:: EXERCISE REQUIREMENTS ::
Reproduce, word for word, all of the records; the pictures stay out.

Data entries:
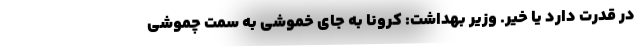
در قدرت دارد یا خیر. وزیر بهداشت: کرونا به جای خموشی به سمت چموشی
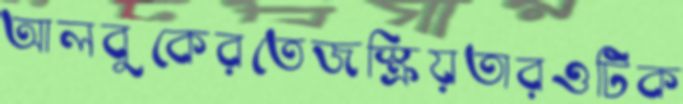
আলবুকেরতেজস্ক্রিয়তারওটিক
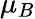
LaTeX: \mu_{B}
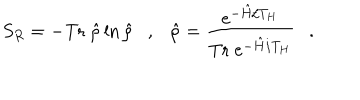
S _ { R } = - \mathrm { T r } ~ \hat { \rho } \ln \hat { \rho } , \hat { \rho } = { \frac { e ^ { - \hat { H } / T _ { H } } } { \mathrm { T r } ~ e ^ { - \hat { H } / T _ { H } } } } .
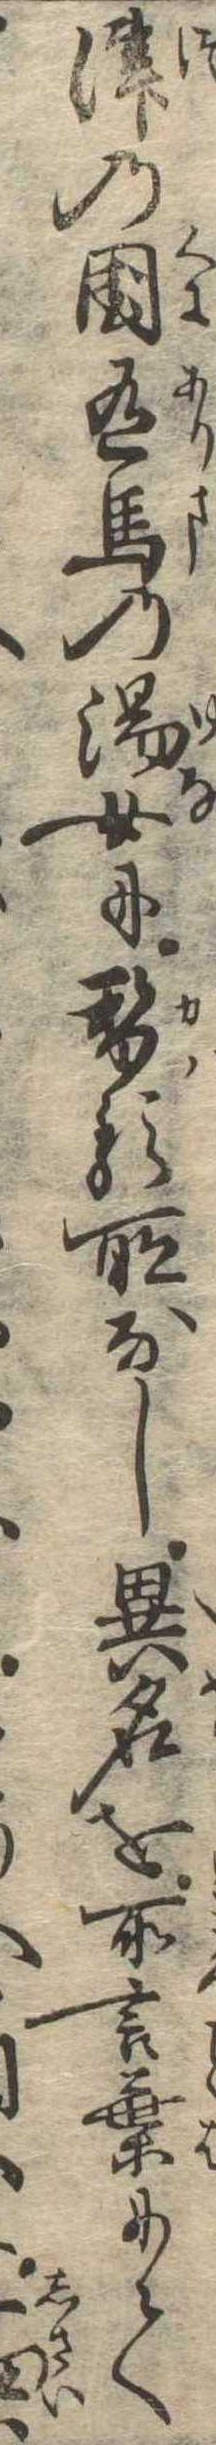
津の国有馬の湯女に替る所なし異名を所言葉にては
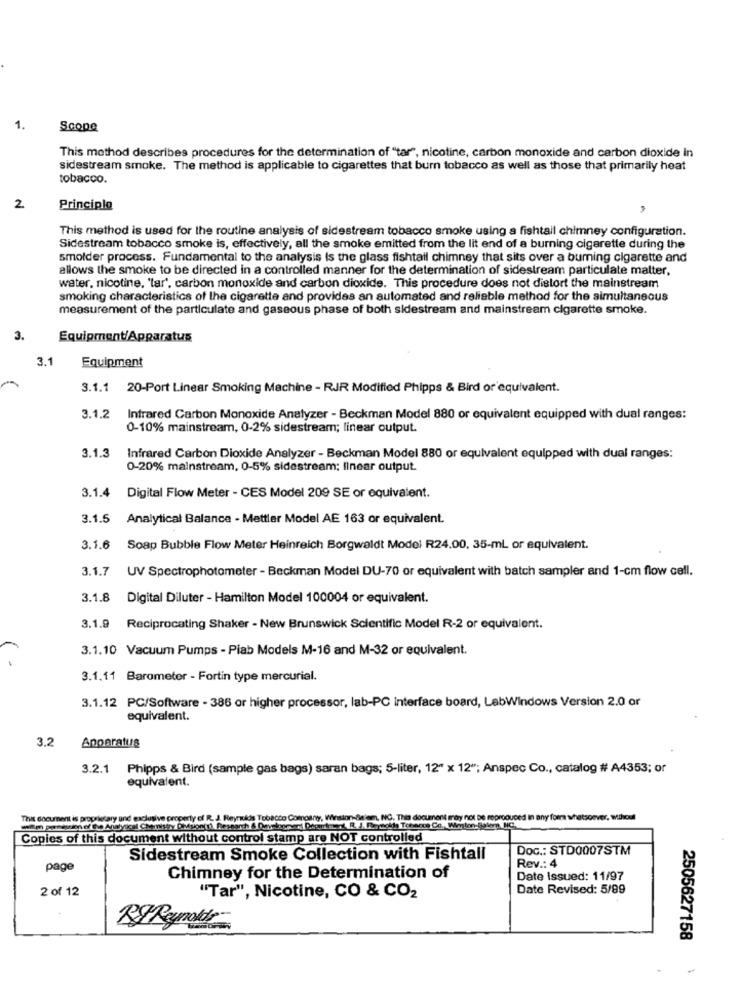
1.
Scope
This method describes procedures for the determination of "tar", nicotine, carbon monoxide and carbon dioxide In
sidestream smoke. The method is applicable to cigarettes that burn tobacco as well as those that primarily heat
tobacco.
2.
Principle
This method is used for the routine analysis of sidestream tobacco smoke using a fishtail chimney configuration.
Sidestream tobacco smoke is, effectively, all the smoke emitted from the lit end of a burning cigarette during the
smolder process. Fundamental to the analysis is the glass fishtail chimney that sits over a burning cigarette and
allows the smoke to be directed in a controlled manner for the determination of sidestream particulate matter.
water, nicotine, 'tar', carbon monoxide and carbon dioxide. This procedure does not distort the mainstream
smoking characteristics of the cigarette and provides an automated and reliable method for the simultaneous
measurement of the particulate and gaseous phase of both sidestream and mainstream cigarette smoke.
3.
Equipment/Apparatus
3.1
Equipment
3.1.1 20-Port Linear Smoking Machine - RJR Modified Phipps & Bird or equivalent.
3.1.2
Infrared Carbon Monoxide Analyzer - Beckman Model 880 or equivalent equipped with dual ranges:
0-10% mainstream, 0-2% sidestream; linear output.
3.1.3
Infrared Carbon Dioxide Analyzer - Beckman Model 880 or equivalent equipped with dual ranges:
0-20% mainstream, 0-5% sidestream; linear output.
3.1.4 Digital Flow Meter - CES Model 209 SE or equivalent.
3.1.5
Analytical Balance - Mettler Model AE 163 or equivalent.
3.1.6
Soap Bubble Flow Meter Heinreich Borgwaldt Model R24.00, 35-mL or equivalent.
3.1.7
UV Spectrophotometer - Beckman Model DU-70 or equivalent with batch sampler and 1-cm flow cell.
3.1.8
Digital Diluter - Hamilton Model 100004 or equivalent.
3.1.9
Reciprocating Shaker - New Brunswick Scientific Model R-2 or equivalent.
3.1.10 Vacuum Pumps - Piab Models M-16 and M-32 or equivalent.
3.1.11 Barometer - Fortin type mercurial.
3.1.12 PC/Software - 386 or higher processor, lab-PC interface board, LabWindows Version 2.0 or
equivalent.
3,2
Apparatus
3.2.1 Phipps & Bird (sample gas bags) saran bags; 5-liter, 12" x 12"; Anspec Co ., catalog # A4353; or
equivalent.
This document is proprietary and exclusive property of R. J. Reynolds Tobacco Comoany, Winston-Sieiem, INC. This document may not be reproduced in any form whatsoever, without
Copies of this document without control stamp are NOT controlled
Doc .: STD0007STM
Sidestream Smoke Collection with Fishtall
Rev .: 4
page
Chimney for the Determination of
Date issued: 11/97
2 of 12
Date Revised: 5/89
"Tar", Nicotine, CO & CO2
RIReynolds
2505627158
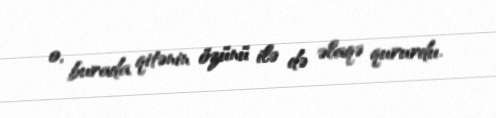
o, burada qitənin özünü ilə də əlaqə qururdu.
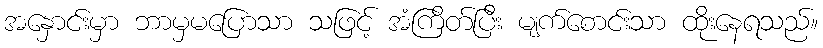
အနှောင်းမှာ ဘာမှမပြောသာ သဖြင့် အံကြိတ်ပြီး မျက်စောင်းသာ ထိုးနေရသည်။
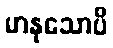
မာနုသောပိ

:: ANSWER SPACE ::
در قدرت دارد یا خیر. وزیر بهداشت: کرونا به جای خموشی به سمت چموشی
আলবুকেরতেজস্ক্রিয়তারওটিক
LaTeX: \mu_{B}
S _ { R } = - \mathrm { T r } ~ \hat { \rho } \ln \hat { \rho } , \hat { \rho } = { \frac { e ^ { - \hat { H } / T _ { H } } } { \mathrm { T r } ~ e ^ { - \hat { H } / T _ { H } } } } .
津の国有馬の湯女に替る所なし異名を所言葉にては
1.
Scope
This method describes procedures for the determination of "tar", nicotine, carbon monoxide and carbon dioxide In
sidestream smoke. The method is applicable to cigarettes that burn tobacco as well as those that primarily heat
tobacco.
2.
Principle
This method is used for the routine analysis of sidestream tobacco smoke using a fishtail chimney configuration.
Sidestream tobacco smoke is, effectively, all the smoke emitted from the lit end of a burning cigarette during the
smolder process. Fundamental to the analysis is the glass fishtail chimney that sits over a burning cigarette and
allows the smoke to be directed in a controlled manner for the determination of sidestream particulate matter.
water, nicotine, 'tar', carbon monoxide and carbon dioxide. This procedure does not distort the mainstream
smoking characteristics of the cigarette and provides an automated and reliable method for the simultaneous
measurement of the particulate and gaseous phase of both sidestream and mainstream cigarette smoke.
3.
Equipment/Apparatus
3.1
Equipment
3.1.1 20-Port Linear Smoking Machine - RJR Modified Phipps & Bird or equivalent.
3.1.2
Infrared Carbon Monoxide Analyzer - Beckman Model 880 or equivalent equipped with dual ranges:
0-10% mainstream, 0-2% sidestream; linear output.
3.1.3
Infrared Carbon Dioxide Analyzer - Beckman Model 880 or equivalent equipped with dual ranges:
0-20% mainstream, 0-5% sidestream; linear output.
3.1.4 Digital Flow Meter - CES Model 209 SE or equivalent.
3.1.5
Analytical Balance - Mettler Model AE 163 or equivalent.
3.1.6
Soap Bubble Flow Meter Heinreich Borgwaldt Model R24.00, 35-mL or equivalent.
3.1.7
UV Spectrophotometer - Beckman Model DU-70 or equivalent with batch sampler and 1-cm flow cell.
3.1.8
Digital Diluter - Hamilton Model 100004 or equivalent.
3.1.9
Reciprocating Shaker - New Brunswick Scientific Model R-2 or equivalent.
3.1.10 Vacuum Pumps - Piab Models M-16 and M-32 or equivalent.
3.1.11 Barometer - Fortin type mercurial.
3.1.12 PC/Software - 386 or higher processor, lab-PC interface board, LabWindows Version 2.0 or
equivalent.
3,2
Apparatus
3.2.1 Phipps & Bird (sample gas bags) saran bags; 5-liter, 12" x 12"; Anspec Co ., catalog # A4353; or
equivalent.
This document is proprietary and exclusive property of R. J. Reynolds Tobacco Comoany, Winston-Sieiem, INC. This document may not be reproduced in any form whatsoever, without
Copies of this document without control stamp are NOT controlled
Doc .: STD0007STM
Sidestream Smoke Collection with Fishtall
Rev .: 4
page
Chimney for the Determination of
Date issued: 11/97
2 of 12
Date Revised: 5/89
"Tar", Nicotine, CO & CO2
RIReynolds
2505627158
o, burada qitənin özünü ilə də əlaqə qururdu.
အနှောင်းမှာ ဘာမှမပြောသာ သဖြင့် အံကြိတ်ပြီး မျက်စောင်းသာ ထိုးနေရသည်။
မာနုသောပိ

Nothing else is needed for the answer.